La soggettività che si era affermata negli anni Settanta stenta a aprirsi una strada. Se attraverso il gesto femminista – braccia alzate, pollici e medi uniti ovvero l’iconografia del triangolo – nasceva quella rivolta simbolica tesa a ottenere una modificazione negli scambi quotidiani d’amore, sociali e culturali, con l’ambizione di ribaltare la posizione di pre/dominio maschile, adesso nei luoghi della politica ci si accontenta di una tiepida inclusione con qualche correttivo.
Nel libro sono toccati i luoghi più drammatici, esempio di conflitti sanguinosi, nei quali si è svolto il suo lavoro da parlamentare.

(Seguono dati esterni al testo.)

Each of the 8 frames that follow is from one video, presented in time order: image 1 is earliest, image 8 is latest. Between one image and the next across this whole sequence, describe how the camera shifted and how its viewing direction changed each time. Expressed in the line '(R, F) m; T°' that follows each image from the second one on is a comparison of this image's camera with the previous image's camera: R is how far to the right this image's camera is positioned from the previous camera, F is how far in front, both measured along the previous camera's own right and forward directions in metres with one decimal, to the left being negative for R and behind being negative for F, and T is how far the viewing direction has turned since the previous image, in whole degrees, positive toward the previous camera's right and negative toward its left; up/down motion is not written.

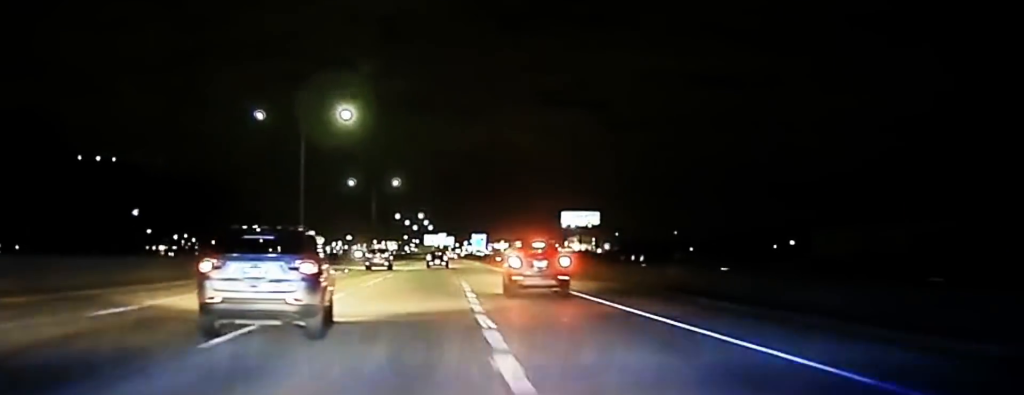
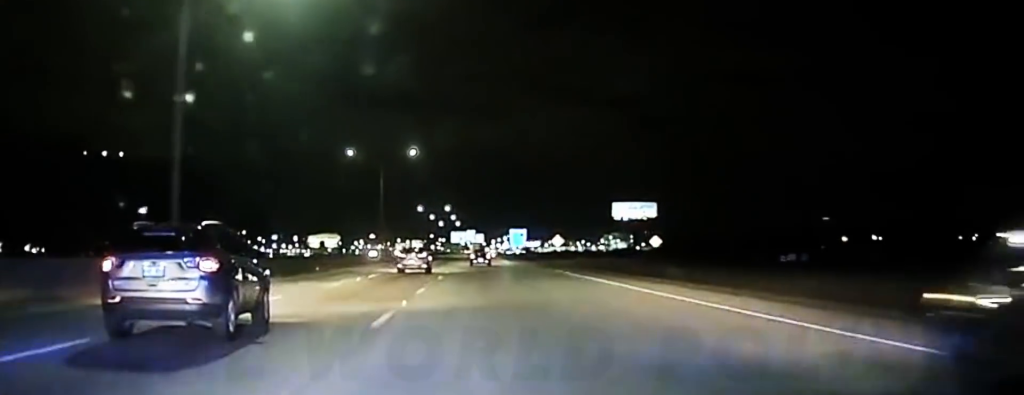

Il viaggio a Kabul, i rari fantasmi femminili che si aggirano per le strade di questa “città di polvere”; la missione a Nassirya. C’è il suo io femminile a descrivere con uno sguardo particolare, radicato nell’esperienza, le giornate del G8 a Genova.
Senza alcuna predisposizione a false profondità, indica il contesto storico nel quale quell’esperienza è maturata.
Intanto, stiamo arrivando all’oggi. Al ripiegamento degli stati-nazione, all’Italia per la quale la democrazia perde attrattiva, il Parlamento non ha più autorità. L’autoreferenzialità delle classi dirigenti determina crisi di rigetto. Alla bolla depressiva si sostituiscono orientamenti che spingono verso la società del rancore. Nell’indagare più a fondo nelle contraddizioni, Elettra Deiana insieme ad altre, si domanda come ripudiare una cultura che spinge alla violenza. La leva di trasformazione può consistere nel prendersi cura, in questo paradigma che mette la cura al centro delle relazioni tra persone e politica incoraggiando un agire diverso. Se la realtà cambia, le donne – suggerisce “Il tempo del secolo” – di questa realtà vogliono fare parte.